No picture should appear in the copy. Transcribe exactly, and only, the lines from the one with "Captured after image 1 by 3.8 s." through the last line of the data below.

════

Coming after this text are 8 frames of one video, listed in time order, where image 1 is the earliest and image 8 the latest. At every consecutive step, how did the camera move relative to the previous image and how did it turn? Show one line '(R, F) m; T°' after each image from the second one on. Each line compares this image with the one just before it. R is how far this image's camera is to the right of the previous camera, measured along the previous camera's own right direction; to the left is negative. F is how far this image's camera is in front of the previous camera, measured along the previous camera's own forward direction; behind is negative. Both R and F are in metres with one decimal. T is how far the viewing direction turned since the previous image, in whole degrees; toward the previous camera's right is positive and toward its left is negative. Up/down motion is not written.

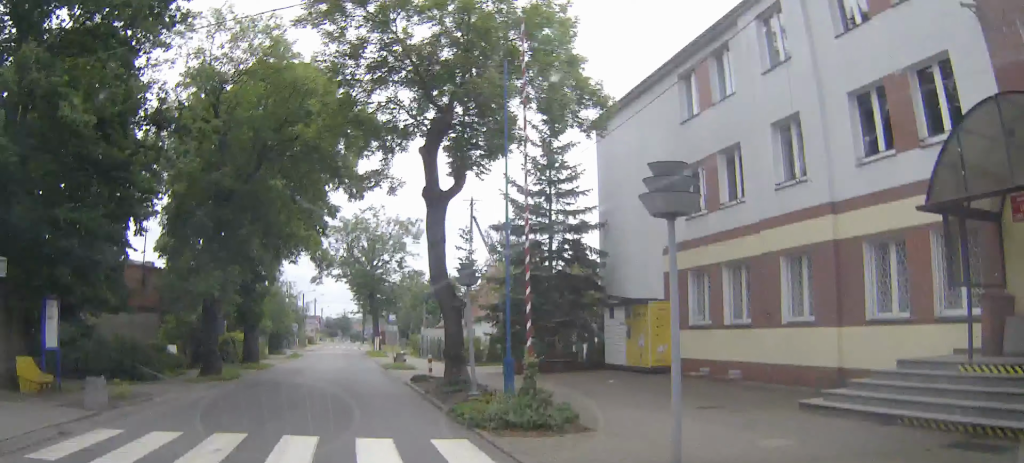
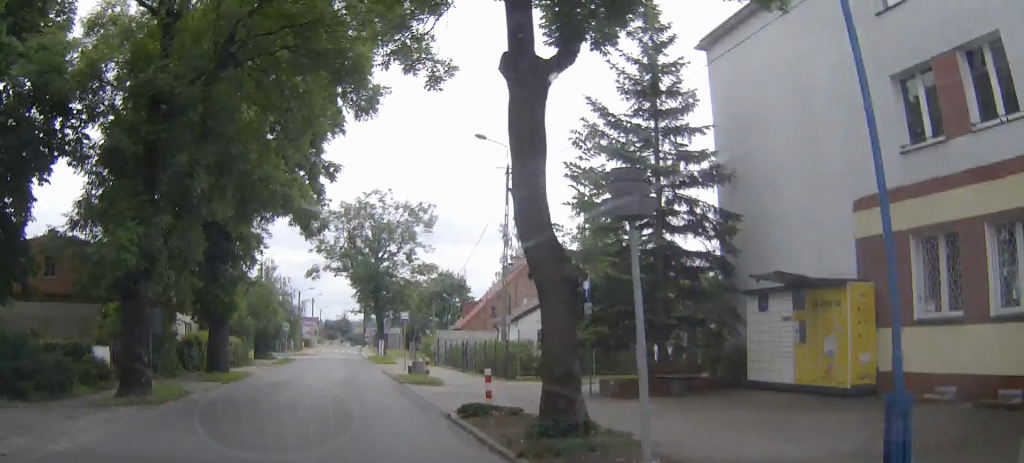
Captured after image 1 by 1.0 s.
(+0.1, +8.5) m; +3°
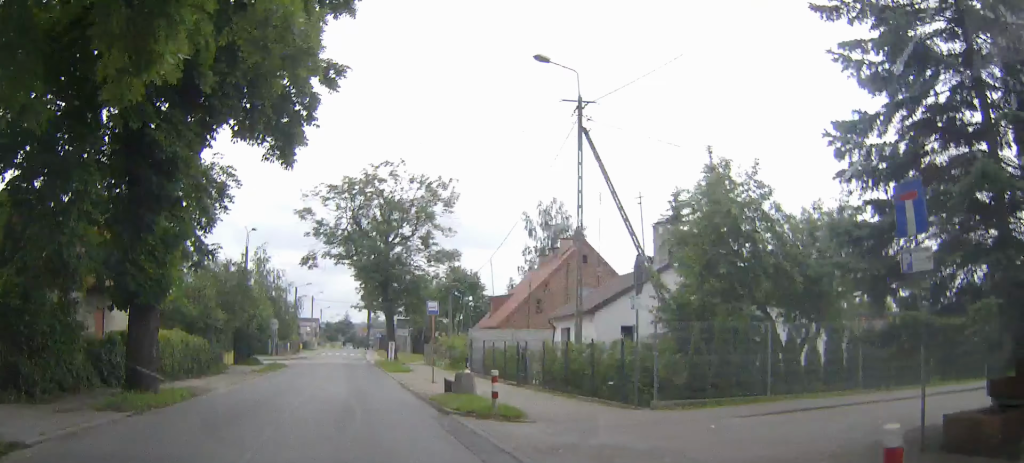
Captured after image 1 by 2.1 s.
(+0.6, +10.3) m; +4°
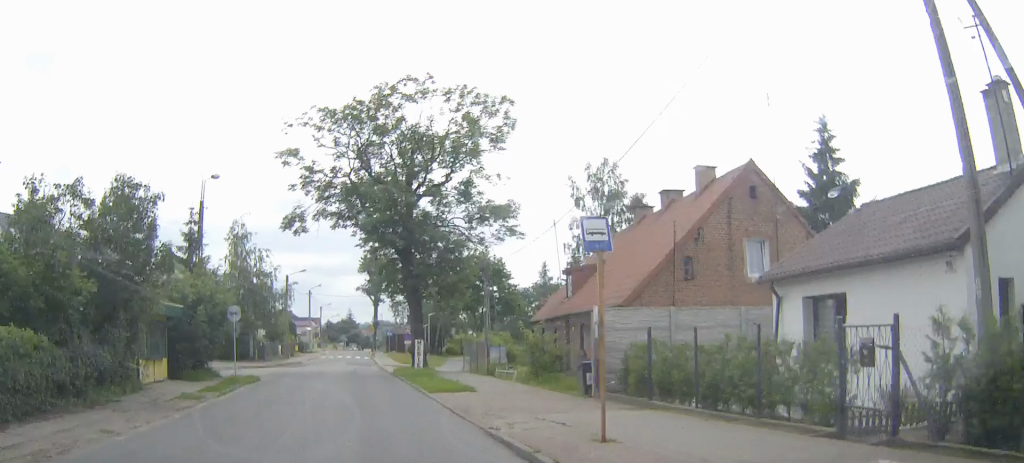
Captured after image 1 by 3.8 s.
(-1.0, +16.4) m; -8°
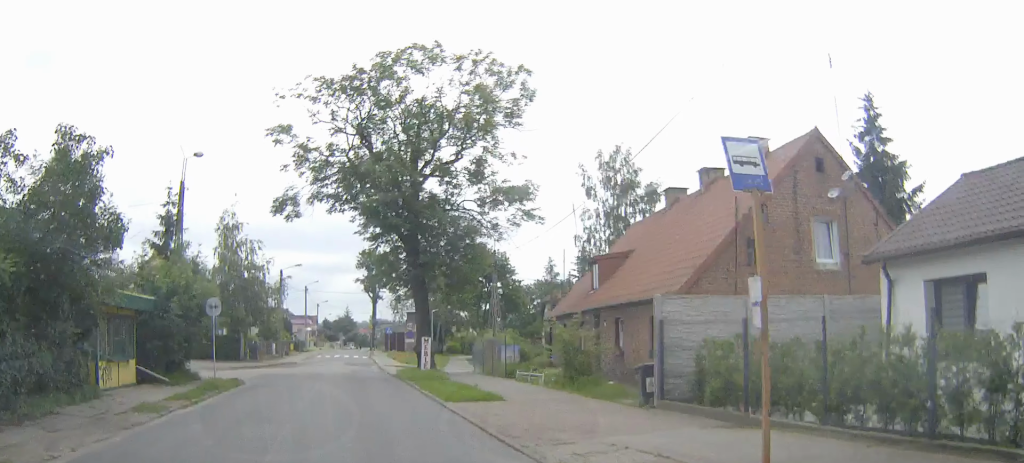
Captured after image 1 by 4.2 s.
(0.0, +3.8) m; 0°
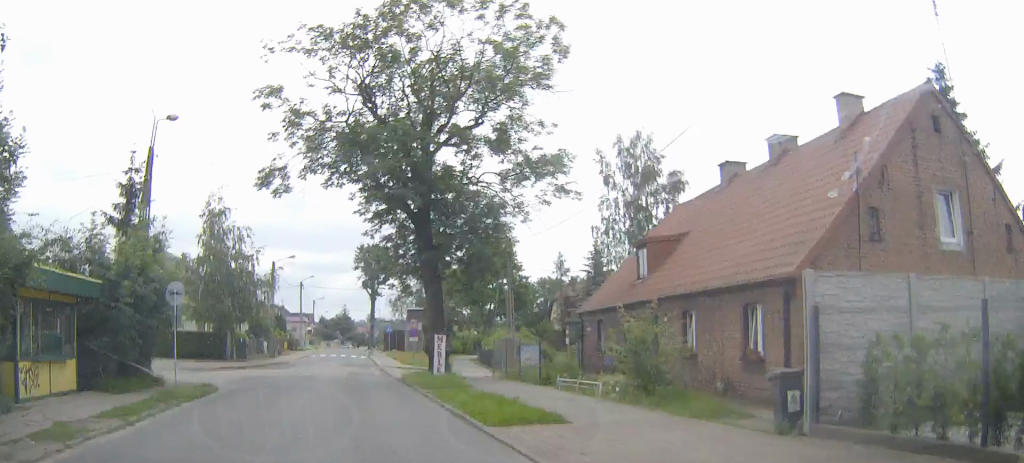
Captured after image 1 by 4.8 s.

════

◆ **REPLY TO THE EXERCISE**:
Captured after image 1 by 3.8 s.
(-1.0, +16.4) m; -8°
Captured after image 1 by 4.2 s.
(0.0, +3.8) m; 0°
Captured after image 1 by 4.8 s.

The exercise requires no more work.